How do we confront this lack of comprehension? We must purge the libertarian and conservative movements of the fallacies they have adopted from Murray Rothbard and Russell Kirk. This will require a “rational theory of politics” that can bring together the two philosophical streams of John Locke and Edmund Burke so as to restore the original Republic of States that Jefferson and the Founders envisioned. More on this theory shortly.

The Tragic Bifurcation

In the aftermath of LBJ’s defeat of the Goldwater forces in the 1964 election, most libertarians, under the influence of the pied piper Murray Rothbard, split off from the official path of the freedom movement and wandered into the utopian forest of some very radical political-philosophical principles – those of anarchism.

In contrast, conservatives went the other direction by abandoning principle altogether to align themselves with Irving Kristol’s collectivist neo-conservatives and tolerate the very government usurpations their movement had been formed to repeal. They began their sellout when Richard Nixon declared in 1971 that, “We’re all Keynesians now.” They continued it with Ronald Reagan’s massive expansion of the welfare state and when George W. Bush launched a tide of spending, privilege, and corruption totally unhinged from sanity and reality.

Can today’s freedom movement be rescued from this tragedy of default? Can the American people be convinced to restore the Republic? Yes, but in order for such a revolution to actually take place, American libertarians and conservatives must face up to some unsettling realities and take appropriate action.

The conservative wing of the “freedom movement” has been grievously corrupted by Machiavellian statists.
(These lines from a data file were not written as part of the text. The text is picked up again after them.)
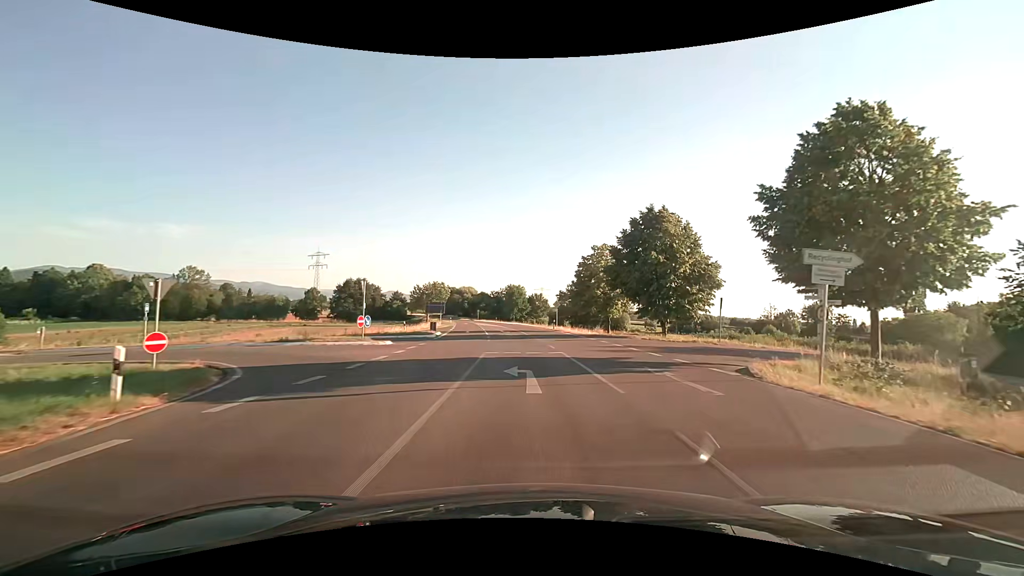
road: secondary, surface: asphalt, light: Day
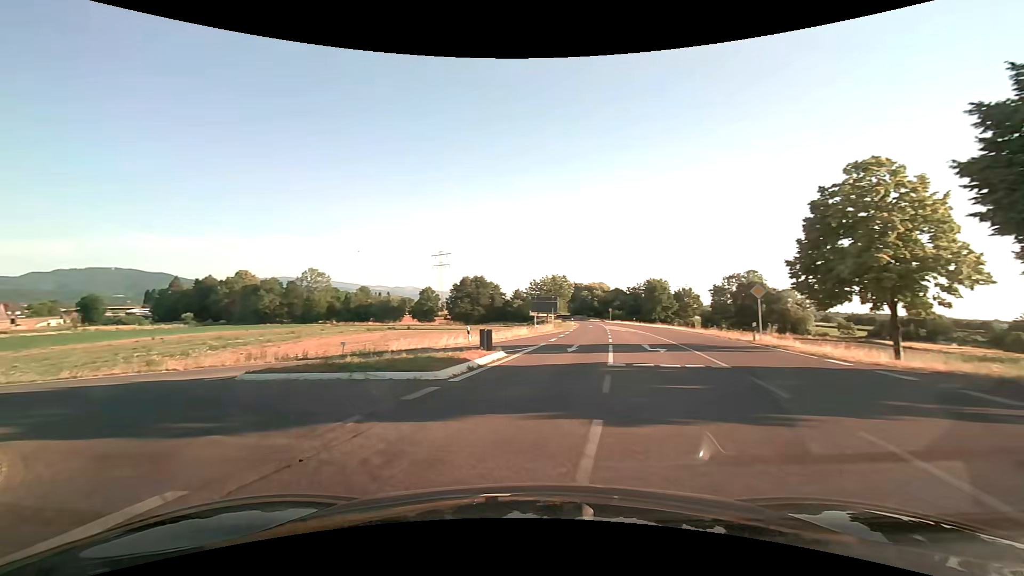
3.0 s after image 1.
(-0.9, +22.8) m; -16°
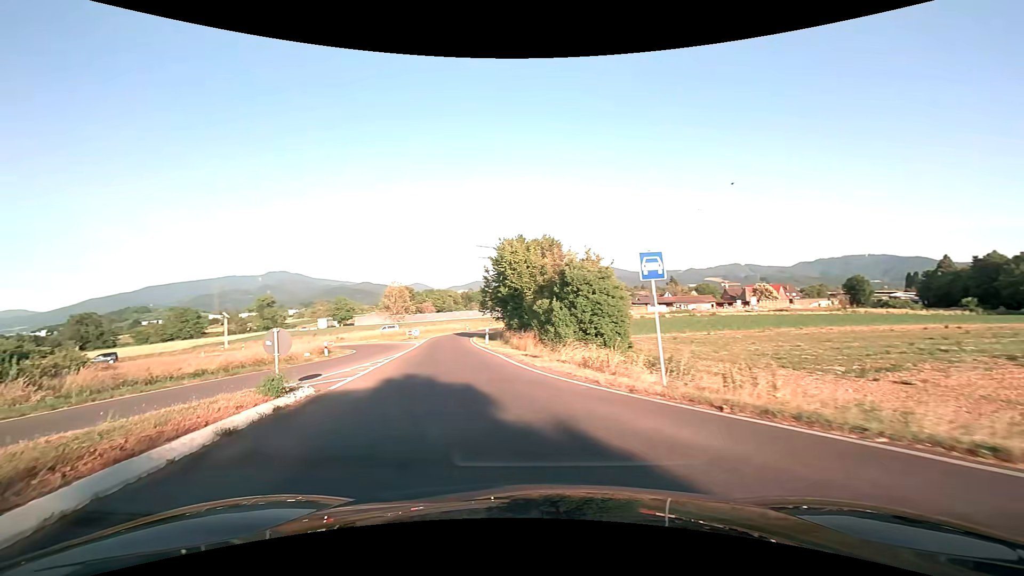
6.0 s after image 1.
(-10.3, +12.7) m; -74°
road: trunk_link
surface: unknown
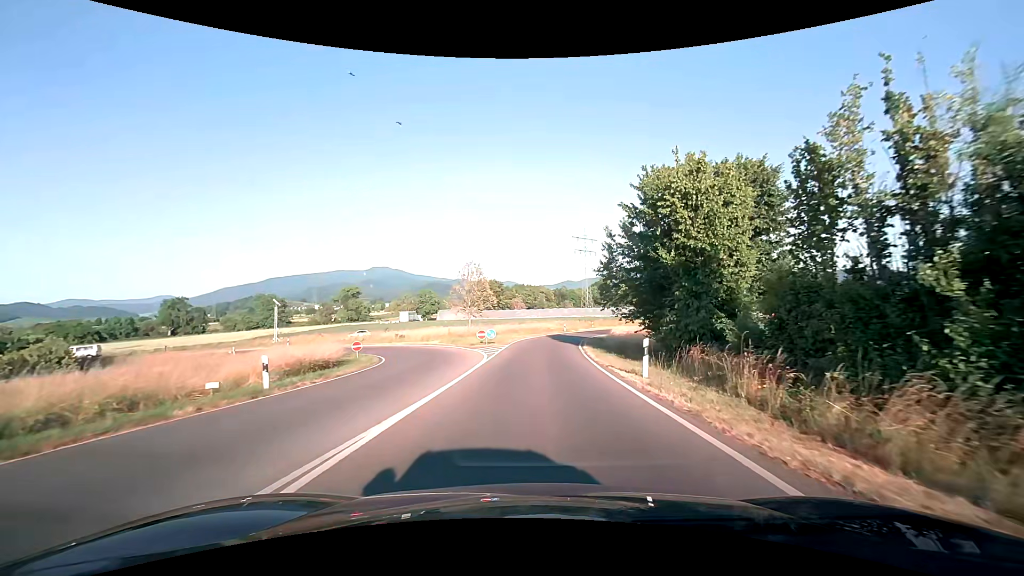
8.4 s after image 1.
(-2.9, +20.2) m; -9°
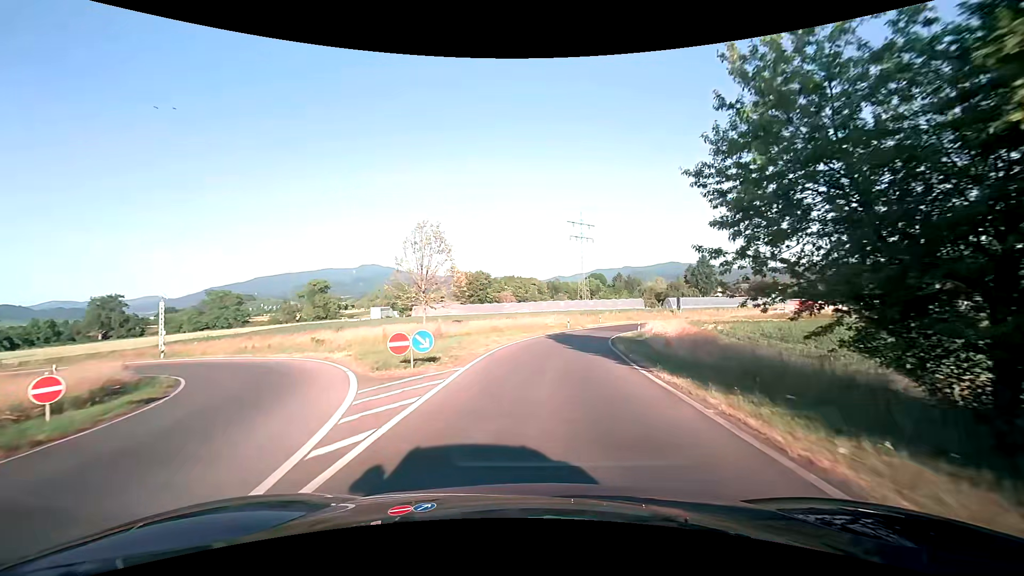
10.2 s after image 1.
(+0.1, +19.3) m; +1°
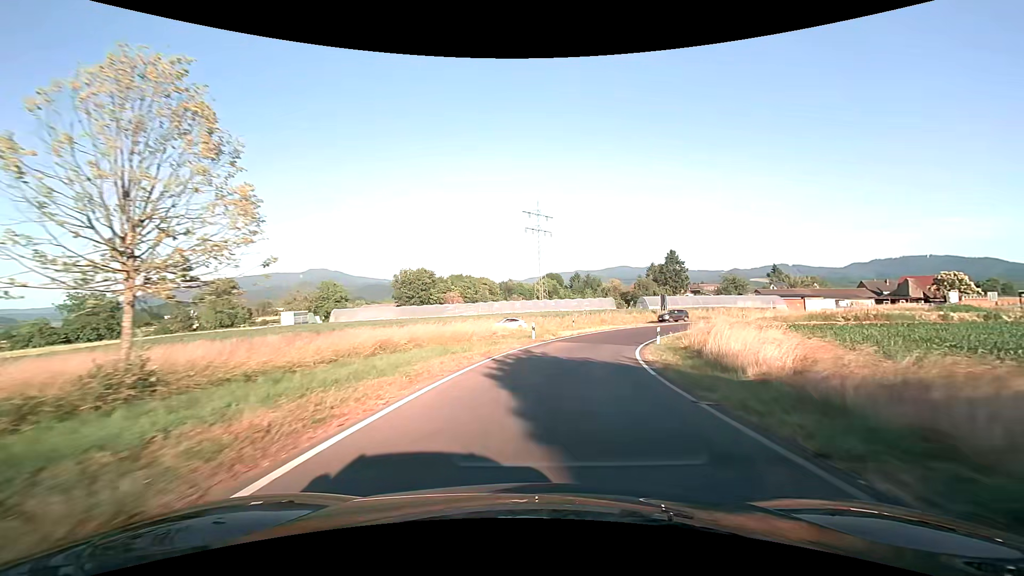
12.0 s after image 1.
(+0.8, +21.1) m; +6°
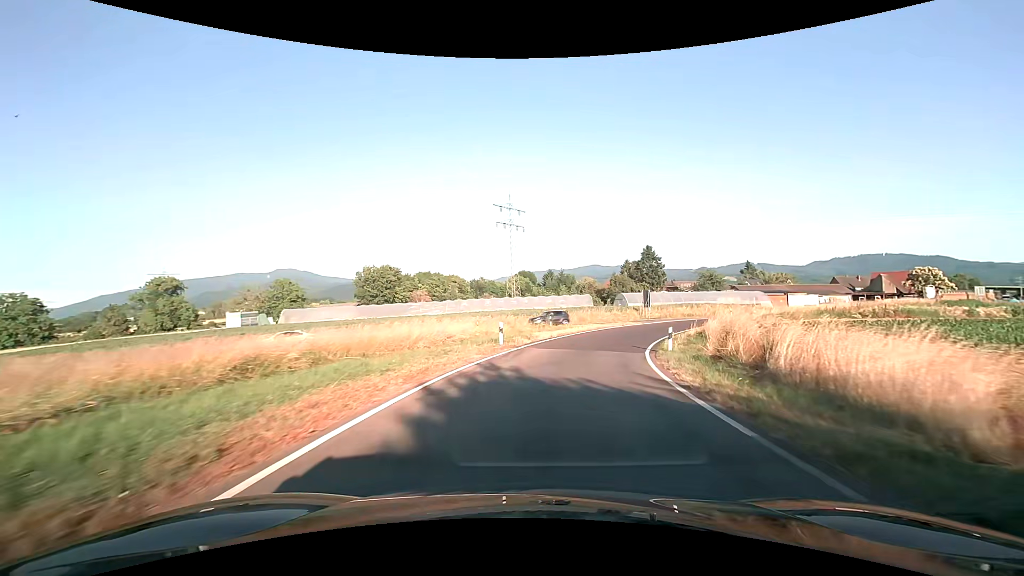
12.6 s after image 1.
(+0.2, +7.3) m; +3°
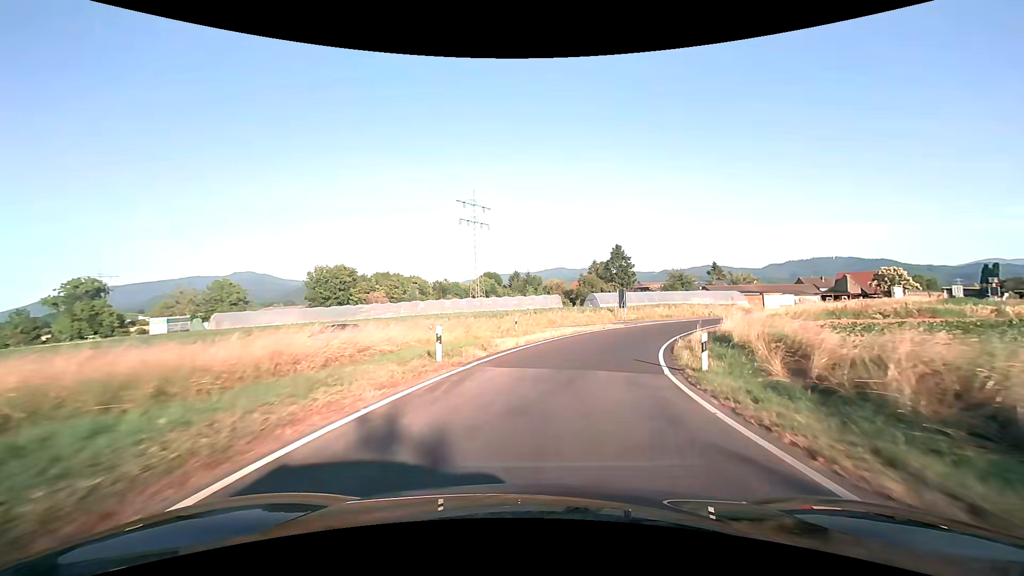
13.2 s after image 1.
(+0.2, +7.4) m; +4°
(+1, +10) (+3, +20) (+6, +29) (+11, +38) (+17, +46) (+24, +53) (+32, +59) (+40, +65) (+48, +71) (+55, +78) m

The most important cause of this has been Russell Kirk’s philosophical emphasis on tradition being transcendent to reason and his rejection of “equal individual rights” in favor of special privileges and a flexible Constitution. This has led conservatives into a Faustian bargain with the statist enemy and opened the door for the hijacking of their movement by neoconservatives, thus moving most of today’s conservatives to the left into lockstep with statist liberals.

The libertarian wing of the “freedom movement” has been equally corrupted, but in the opposite direction to the far right on the spectrum. The most important cause of this has been Murray Rothbard’s anarchist politics that privatizes all functions of the government, even the military, police, and courts of law. In addition his followers espouse an egoistic “do your own thing” culture that refuses to morally condemn the traditional evils of history. Whatever is peaceful is their creed. It is a sense of life that worships what the Greeks called the sin of “eleutheromania,” freedom without limits.

To better understand the nature of this disastrous split between libertarians and conservatives, a brief exposition of America’s concept of freedom is necessary.

Jeffersonianism Is America’s Philosophy

The American concept of freedom has its ideological roots in the Founders’ libertarian political ideal, combined with conservative metaphysics and culture. It is a blend of the 17th and 18th century thinkers, John Locke and Edmund Burke (one libertarian and the other conservative), which heavily influenced Americans from the start and up through World War I – the former emphasizing reason and individualism, the latter tradition and community. It manifested in what is called Jeffersonianism.

This political philosophy stands for the individual over the collective, a strictly limited constitutional government based upon federalism, equal “rights” instead of equal “results,” a free-market economy, no entangling foreign alliances, and an objective code of morality for society as opposed to the moral neutrality of Rothbardians and modern liberals. This is what needs to be restored.

The famous conservative philosopher, Richard Weaver, at the University of Chicago in the 1940s and 1950s, and author of the great classic, Ideas Have Consequences, understood well this Jeffersonian concept of America and shaped his defense of freedom around it accordingly. Unlike today’s neoconservatives, Weaver understood the necessity of limiting the tyrannical danger of the state. He would be horrified with today’s neoconservative attacks upon the Founders’ vision of laissez-faire. He grasped the philosophical common ground between libertarianism and conservatism:

“[C]onservatives and libertarians stand together,” he said. “Both of them believe that there is an order of things which will largely take care of itself if you leave it alone.” Weaver was a strict constitutionalist because a Constitution provided for a “settled code of freedom for the individual.”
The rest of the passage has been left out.